A ditadura na pele é uma coisa distante aqui tão perto. Uma parte significativa
da população portuguesa já nasceu depois dos acontecimentos do dia 25 Abril de 1974. Muitos dos que lhe são anteriores ainda não tinham consciência para sentir e avaliar os condicionantes do regime. Quem entrava na adulta idade dos 18 anos tem hoje 68. Uma pequena minoria, que ainda hoje está viva, terá vivido esse tempo beneficiando de situação de privilégio que todos os regimes
proporcionam às suas elites. Os outros viviam um país pobre, analfabeto, infinitamente crente. Não era difícil apontar a máquina fotográfica às muitas manifestações da vida comunitárias, ou das próprias gentes e registar momentos carregados de evocações medievais.
Gente descalça, tapadas com panos na cabeça aos pés, homens e mulheres a fazerem a vez dos animais a puxarem os barcos pesados de peixe para a areia. Aldeias de pedra que em nada diferiam dos castros anteriores a ideia de Portugal. Não era difícil, na esquina da revolução de abril mostrar a ruralidade de Lisboa numa fotografia que retratava um rebanho a atravessar a cidade. As hortas vizinhas dos prédios que acolhiam os sucessivos êxodos da província que rumavam à capital.
E a contrastar com tudo isto o luxo do Estoril. O glamour festivo da Quinta Patiño. Nenhum país é apenas pobreza. Uma sardinha a dividir por três.

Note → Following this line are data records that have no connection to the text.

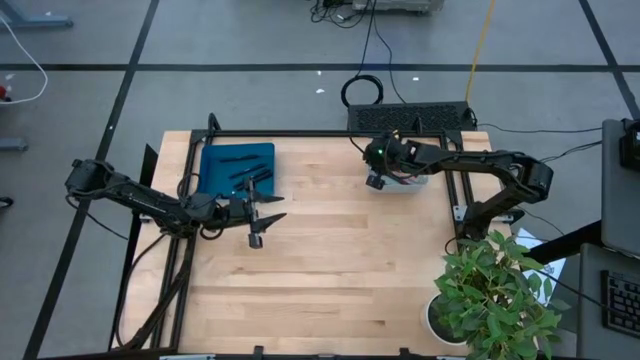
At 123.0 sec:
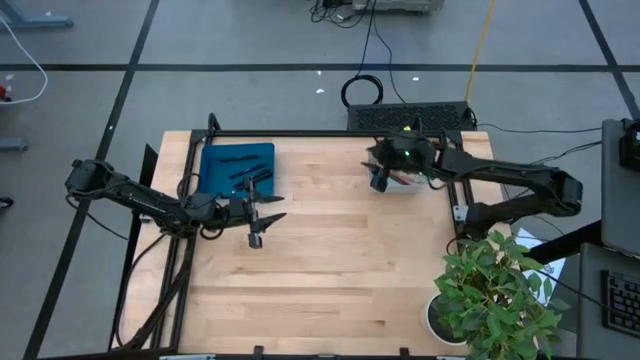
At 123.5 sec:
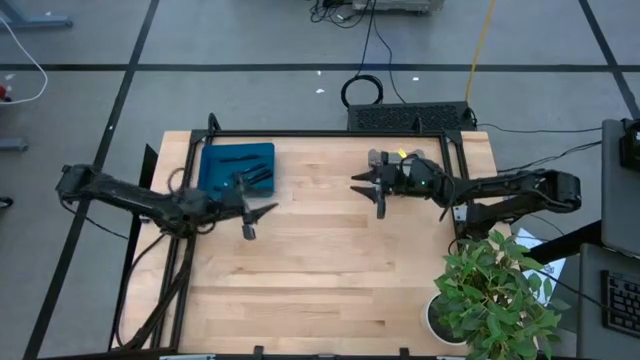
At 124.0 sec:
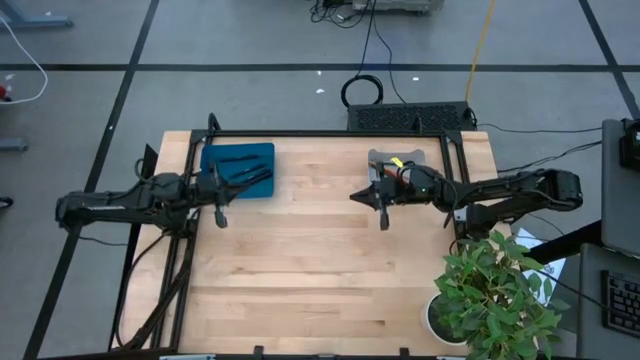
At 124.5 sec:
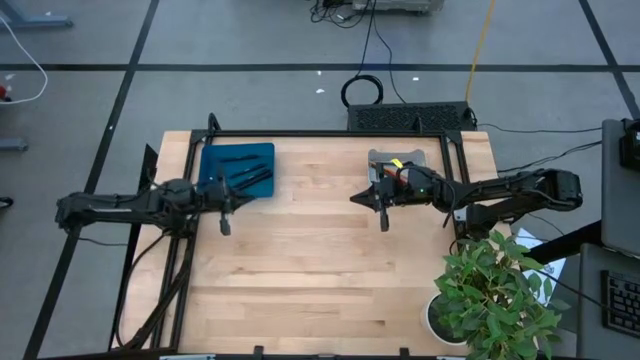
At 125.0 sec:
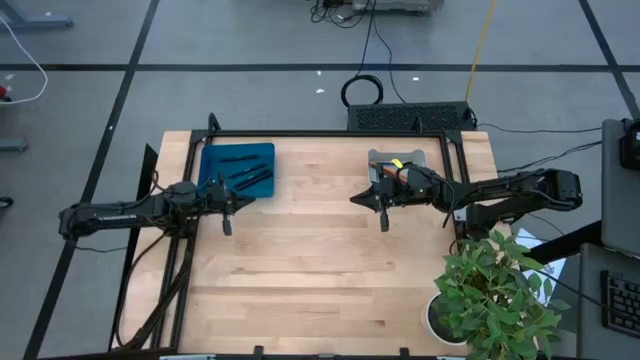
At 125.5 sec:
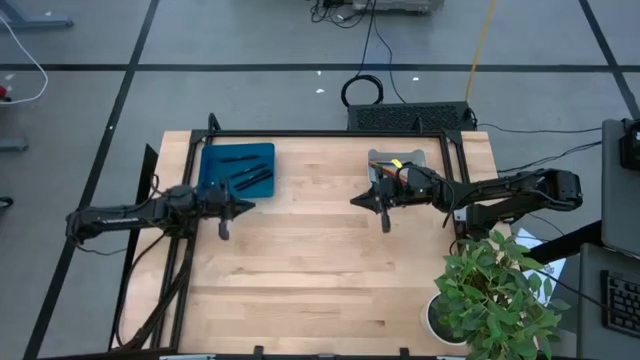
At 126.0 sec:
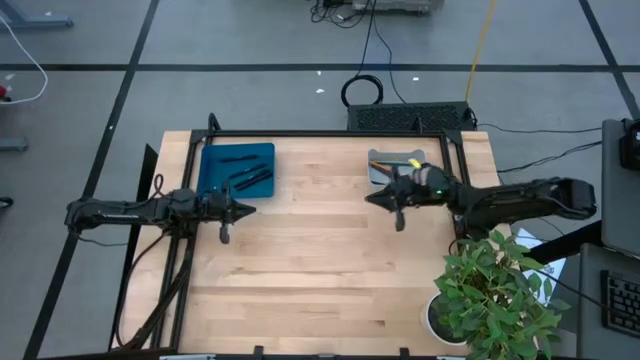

O Algarve, até aos anos 60, altura em que desponta o turismo na região, poderia descrever-se, usando para cada década anterior, a impressão que Raul Brandão passou a letra de forma, em 1922, no livro «Pescadores»:
«Tenho de atravessar o Alentejo isolado e concentrado, para chegar ao Algarve.
É uma província farta, mas a aparência esquelética, a árvore triste a que arrancam a pele em vida, o monte solitário, meteram-me sempre medo. É a terra do ódio. Tudo em que a gente põe a vista é duro e hostil.».
50 anos passados da Revolução dos Cravos o país é outro. O Algarve não é mais o mesmo. No entanto, numa região com mais pessoas, mais dinheiro em circulação, mais equipamentos públicos e serviços sociais continuamos, por razões distintas, a enfrentar os mesmos problemas de pobreza. Se antes faltava trabalho hoje o trabalho requere mais mãos de obra do que aquela que está disponível, no entanto é mal remunerado, precário e sazonal. acresce a essa realidade os problemas da mobilidade e a deficiente interligação entre as varias redes de transportes. A crise na habitação e os preços especulativos do arrendamento. Os números intoleráveis do abandono escolar intoleráveis. A pouca diversificação da economia. Os deficits na área da saúde. Problemas tantas vezes, e por tanta gente, apontados, mas sem resolução à vista.
Para quem entende que parte do problema do Algarve se deve à sua falta de compromisso regional – à ausência de uma consciência de região que se sobreponha aos vários interesses municipais – a regionalização tem sido perspetivada como a solução para desempatar tensões internas que quase sempre são um obstáculo a projetos estruturantes para a região.
A regionalização é, nesse sentido, entendida como o antídoto para a necessidade de superar rivalidades concelhias e o desprezo do poder central.
O Algarve, tanto pelas necessidades que apresenta, assim como pelas condições que tem para ser a primeira região piloto do processo de regionalização, devia ser a voz mais sonante a reclamar que se
cumprisse Abril. No entanto foi a norte, que o presidente da CCDR-Norte, lembrou que a regionalização “É uma promessa de Abril de tal maneira que está consagrada na nossa Constituição. A Constituição
diz que o país deve ser regionalizado e deve regionalizar. Depois deixa em aberto o mapa dessa regionalização e algumas questões, mas não põe em causa a regionalização”.